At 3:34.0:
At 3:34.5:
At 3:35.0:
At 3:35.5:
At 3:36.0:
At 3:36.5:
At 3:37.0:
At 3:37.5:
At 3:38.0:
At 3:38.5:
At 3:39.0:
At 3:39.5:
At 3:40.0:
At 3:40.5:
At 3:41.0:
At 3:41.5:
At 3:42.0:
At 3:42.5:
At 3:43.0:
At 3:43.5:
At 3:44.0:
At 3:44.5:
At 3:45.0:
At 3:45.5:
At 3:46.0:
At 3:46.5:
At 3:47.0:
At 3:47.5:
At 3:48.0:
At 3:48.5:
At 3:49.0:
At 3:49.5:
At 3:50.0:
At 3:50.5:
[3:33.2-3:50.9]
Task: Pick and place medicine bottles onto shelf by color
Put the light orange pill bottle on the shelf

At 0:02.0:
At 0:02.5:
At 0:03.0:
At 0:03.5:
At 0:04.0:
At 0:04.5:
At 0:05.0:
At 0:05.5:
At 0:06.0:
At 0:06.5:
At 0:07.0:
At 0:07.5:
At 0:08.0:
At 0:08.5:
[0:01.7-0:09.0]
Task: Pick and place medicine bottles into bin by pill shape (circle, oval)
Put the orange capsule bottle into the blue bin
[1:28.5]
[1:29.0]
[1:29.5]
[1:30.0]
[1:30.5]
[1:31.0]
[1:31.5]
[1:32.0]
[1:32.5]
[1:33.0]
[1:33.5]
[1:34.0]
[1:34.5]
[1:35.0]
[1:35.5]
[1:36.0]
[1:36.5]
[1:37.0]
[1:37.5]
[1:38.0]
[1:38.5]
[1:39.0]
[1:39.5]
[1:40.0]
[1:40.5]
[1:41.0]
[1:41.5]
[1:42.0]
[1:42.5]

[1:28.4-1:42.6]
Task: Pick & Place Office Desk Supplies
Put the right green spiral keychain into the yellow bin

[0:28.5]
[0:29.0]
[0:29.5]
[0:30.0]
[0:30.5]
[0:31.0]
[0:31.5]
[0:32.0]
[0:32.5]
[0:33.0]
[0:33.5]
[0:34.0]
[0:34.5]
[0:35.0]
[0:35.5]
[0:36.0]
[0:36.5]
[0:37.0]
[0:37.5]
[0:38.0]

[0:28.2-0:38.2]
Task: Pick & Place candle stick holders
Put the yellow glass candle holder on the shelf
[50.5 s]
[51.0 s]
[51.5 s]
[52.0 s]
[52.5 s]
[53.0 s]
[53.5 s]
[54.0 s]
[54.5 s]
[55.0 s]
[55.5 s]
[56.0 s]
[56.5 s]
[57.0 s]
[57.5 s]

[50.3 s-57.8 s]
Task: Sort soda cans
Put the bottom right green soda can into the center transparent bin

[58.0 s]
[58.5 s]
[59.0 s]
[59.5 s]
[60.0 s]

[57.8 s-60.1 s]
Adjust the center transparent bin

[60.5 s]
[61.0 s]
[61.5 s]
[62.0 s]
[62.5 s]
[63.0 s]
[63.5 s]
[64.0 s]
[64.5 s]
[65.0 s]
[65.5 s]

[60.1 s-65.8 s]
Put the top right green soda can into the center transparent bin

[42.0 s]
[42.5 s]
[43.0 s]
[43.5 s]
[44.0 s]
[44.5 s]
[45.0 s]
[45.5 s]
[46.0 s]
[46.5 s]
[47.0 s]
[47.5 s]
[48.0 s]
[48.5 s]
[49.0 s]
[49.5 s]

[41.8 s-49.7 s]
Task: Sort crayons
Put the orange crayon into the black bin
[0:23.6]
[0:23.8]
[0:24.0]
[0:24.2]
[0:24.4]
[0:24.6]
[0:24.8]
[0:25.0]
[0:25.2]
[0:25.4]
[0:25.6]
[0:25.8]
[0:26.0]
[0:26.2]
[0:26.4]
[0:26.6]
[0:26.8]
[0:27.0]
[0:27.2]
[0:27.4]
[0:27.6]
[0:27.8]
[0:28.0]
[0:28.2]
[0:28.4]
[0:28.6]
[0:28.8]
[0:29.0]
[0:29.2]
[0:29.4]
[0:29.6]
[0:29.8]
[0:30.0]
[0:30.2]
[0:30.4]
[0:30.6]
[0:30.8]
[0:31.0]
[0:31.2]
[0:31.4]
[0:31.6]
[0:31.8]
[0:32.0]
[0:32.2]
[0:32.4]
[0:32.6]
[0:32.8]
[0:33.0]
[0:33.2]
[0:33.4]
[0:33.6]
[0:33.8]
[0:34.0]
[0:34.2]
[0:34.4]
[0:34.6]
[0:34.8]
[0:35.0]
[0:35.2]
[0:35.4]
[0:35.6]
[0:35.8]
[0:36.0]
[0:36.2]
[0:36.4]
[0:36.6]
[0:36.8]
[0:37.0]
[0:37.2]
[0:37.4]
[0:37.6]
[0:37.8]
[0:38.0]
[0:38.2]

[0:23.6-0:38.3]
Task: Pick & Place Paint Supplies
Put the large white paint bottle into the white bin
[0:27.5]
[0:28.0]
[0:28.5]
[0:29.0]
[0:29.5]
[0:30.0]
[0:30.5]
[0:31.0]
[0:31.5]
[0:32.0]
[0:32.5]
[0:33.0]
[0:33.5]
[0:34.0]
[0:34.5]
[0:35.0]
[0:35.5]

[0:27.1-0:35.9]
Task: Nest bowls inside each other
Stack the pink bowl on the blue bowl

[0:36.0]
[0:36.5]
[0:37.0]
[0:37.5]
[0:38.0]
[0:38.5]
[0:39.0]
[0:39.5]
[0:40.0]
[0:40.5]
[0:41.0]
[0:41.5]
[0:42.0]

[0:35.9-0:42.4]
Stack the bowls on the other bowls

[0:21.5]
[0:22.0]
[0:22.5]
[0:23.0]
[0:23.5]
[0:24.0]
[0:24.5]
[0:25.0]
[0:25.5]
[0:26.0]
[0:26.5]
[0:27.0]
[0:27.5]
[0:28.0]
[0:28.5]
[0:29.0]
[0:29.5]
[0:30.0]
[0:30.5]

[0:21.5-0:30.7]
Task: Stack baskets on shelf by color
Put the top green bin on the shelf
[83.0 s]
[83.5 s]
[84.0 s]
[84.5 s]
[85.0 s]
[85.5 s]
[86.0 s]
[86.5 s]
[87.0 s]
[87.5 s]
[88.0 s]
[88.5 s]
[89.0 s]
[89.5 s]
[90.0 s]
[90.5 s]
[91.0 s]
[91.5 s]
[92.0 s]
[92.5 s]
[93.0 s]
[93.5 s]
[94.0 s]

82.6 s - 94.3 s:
****************
> [Activity] An identical copy of the entries above is the expected result.

> [Completed task]
At 3:34.0:
At 3:34.5:
At 3:35.0:
At 3:35.5:
At 3:36.0:
At 3:36.5:
At 3:37.0:
At 3:37.5:
At 3:38.0:
At 3:38.5:
At 3:39.0:
At 3:39.5:
At 3:40.0:
At 3:40.5:
At 3:41.0:
At 3:41.5:
At 3:42.0:
At 3:42.5:
At 3:43.0:
At 3:43.5:
At 3:44.0:
At 3:44.5:
At 3:45.0:
At 3:45.5:
At 3:46.0:
At 3:46.5:
At 3:47.0:
At 3:47.5:
At 3:48.0:
At 3:48.5:
At 3:49.0:
At 3:49.5:
At 3:50.0:
At 3:50.5:
[3:33.2-3:50.9]
Task: Pick and place medicine bottles onto shelf by color
Put the light orange pill bottle on the shelf

At 0:02.0:
At 0:02.5:
At 0:03.0:
At 0:03.5:
At 0:04.0:
At 0:04.5:
At 0:05.0:
At 0:05.5:
At 0:06.0:
At 0:06.5:
At 0:07.0:
At 0:07.5:
At 0:08.0:
At 0:08.5:
[0:01.7-0:09.0]
Task: Pick and place medicine bottles into bin by pill shape (circle, oval)
Put the orange capsule bottle into the blue bin
[1:28.5]
[1:29.0]
[1:29.5]
[1:30.0]
[1:30.5]
[1:31.0]
[1:31.5]
[1:32.0]
[1:32.5]
[1:33.0]
[1:33.5]
[1:34.0]
[1:34.5]
[1:35.0]
[1:35.5]
[1:36.0]
[1:36.5]
[1:37.0]
[1:37.5]
[1:38.0]
[1:38.5]
[1:39.0]
[1:39.5]
[1:40.0]
[1:40.5]
[1:41.0]
[1:41.5]
[1:42.0]
[1:42.5]

[1:28.4-1:42.6]
Task: Pick & Place Office Desk Supplies
Put the right green spiral keychain into the yellow bin

[0:28.5]
[0:29.0]
[0:29.5]
[0:30.0]
[0:30.5]
[0:31.0]
[0:31.5]
[0:32.0]
[0:32.5]
[0:33.0]
[0:33.5]
[0:34.0]
[0:34.5]
[0:35.0]
[0:35.5]
[0:36.0]
[0:36.5]
[0:37.0]
[0:37.5]
[0:38.0]

[0:28.2-0:38.2]
Task: Pick & Place candle stick holders
Put the yellow glass candle holder on the shelf
[50.5 s]
[51.0 s]
[51.5 s]
[52.0 s]
[52.5 s]
[53.0 s]
[53.5 s]
[54.0 s]
[54.5 s]
[55.0 s]
[55.5 s]
[56.0 s]
[56.5 s]
[57.0 s]
[57.5 s]

[50.3 s-57.8 s]
Task: Sort soda cans
Put the bottom right green soda can into the center transparent bin

[58.0 s]
[58.5 s]
[59.0 s]
[59.5 s]
[60.0 s]

[57.8 s-60.1 s]
Adjust the center transparent bin

[60.5 s]
[61.0 s]
[61.5 s]
[62.0 s]
[62.5 s]
[63.0 s]
[63.5 s]
[64.0 s]
[64.5 s]
[65.0 s]
[65.5 s]

[60.1 s-65.8 s]
Put the top right green soda can into the center transparent bin

[42.0 s]
[42.5 s]
[43.0 s]
[43.5 s]
[44.0 s]
[44.5 s]
[45.0 s]
[45.5 s]
[46.0 s]
[46.5 s]
[47.0 s]
[47.5 s]
[48.0 s]
[48.5 s]
[49.0 s]
[49.5 s]

[41.8 s-49.7 s]
Task: Sort crayons
Put the orange crayon into the black bin
[0:23.6]
[0:23.8]
[0:24.0]
[0:24.2]
[0:24.4]
[0:24.6]
[0:24.8]
[0:25.0]
[0:25.2]
[0:25.4]
[0:25.6]
[0:25.8]
[0:26.0]
[0:26.2]
[0:26.4]
[0:26.6]
[0:26.8]
[0:27.0]
[0:27.2]
[0:27.4]
[0:27.6]
[0:27.8]
[0:28.0]
[0:28.2]
[0:28.4]
[0:28.6]
[0:28.8]
[0:29.0]
[0:29.2]
[0:29.4]
[0:29.6]
[0:29.8]
[0:30.0]
[0:30.2]
[0:30.4]
[0:30.6]
[0:30.8]
[0:31.0]
[0:31.2]
[0:31.4]
[0:31.6]
[0:31.8]
[0:32.0]
[0:32.2]
[0:32.4]
[0:32.6]
[0:32.8]
[0:33.0]
[0:33.2]
[0:33.4]
[0:33.6]
[0:33.8]
[0:34.0]
[0:34.2]
[0:34.4]
[0:34.6]
[0:34.8]
[0:35.0]
[0:35.2]
[0:35.4]
[0:35.6]
[0:35.8]
[0:36.0]
[0:36.2]
[0:36.4]
[0:36.6]
[0:36.8]
[0:37.0]
[0:37.2]
[0:37.4]
[0:37.6]
[0:37.8]
[0:38.0]
[0:38.2]

[0:23.6-0:38.3]
Task: Pick & Place Paint Supplies
Put the large white paint bottle into the white bin
[0:27.5]
[0:28.0]
[0:28.5]
[0:29.0]
[0:29.5]
[0:30.0]
[0:30.5]
[0:31.0]
[0:31.5]
[0:32.0]
[0:32.5]
[0:33.0]
[0:33.5]
[0:34.0]
[0:34.5]
[0:35.0]
[0:35.5]

[0:27.1-0:35.9]
Task: Nest bowls inside each other
Stack the pink bowl on the blue bowl

[0:36.0]
[0:36.5]
[0:37.0]
[0:37.5]
[0:38.0]
[0:38.5]
[0:39.0]
[0:39.5]
[0:40.0]
[0:40.5]
[0:41.0]
[0:41.5]
[0:42.0]

[0:35.9-0:42.4]
Stack the bowls on the other bowls

[0:21.5]
[0:22.0]
[0:22.5]
[0:23.0]
[0:23.5]
[0:24.0]
[0:24.5]
[0:25.0]
[0:25.5]
[0:26.0]
[0:26.5]
[0:27.0]
[0:27.5]
[0:28.0]
[0:28.5]
[0:29.0]
[0:29.5]
[0:30.0]
[0:30.5]

[0:21.5-0:30.7]
Task: Stack baskets on shelf by color
Put the top green bin on the shelf
[83.0 s]
[83.5 s]
[84.0 s]
[84.5 s]
[85.0 s]
[85.5 s]
[86.0 s]
[86.5 s]
[87.0 s]
[87.5 s]
[88.0 s]
[88.5 s]
[89.0 s]
[89.5 s]
[90.0 s]
[90.5 s]
[91.0 s]
[91.5 s]
[92.0 s]
[92.5 s]
[93.0 s]
[93.5 s]
[94.0 s]

82.6 s - 94.3 s:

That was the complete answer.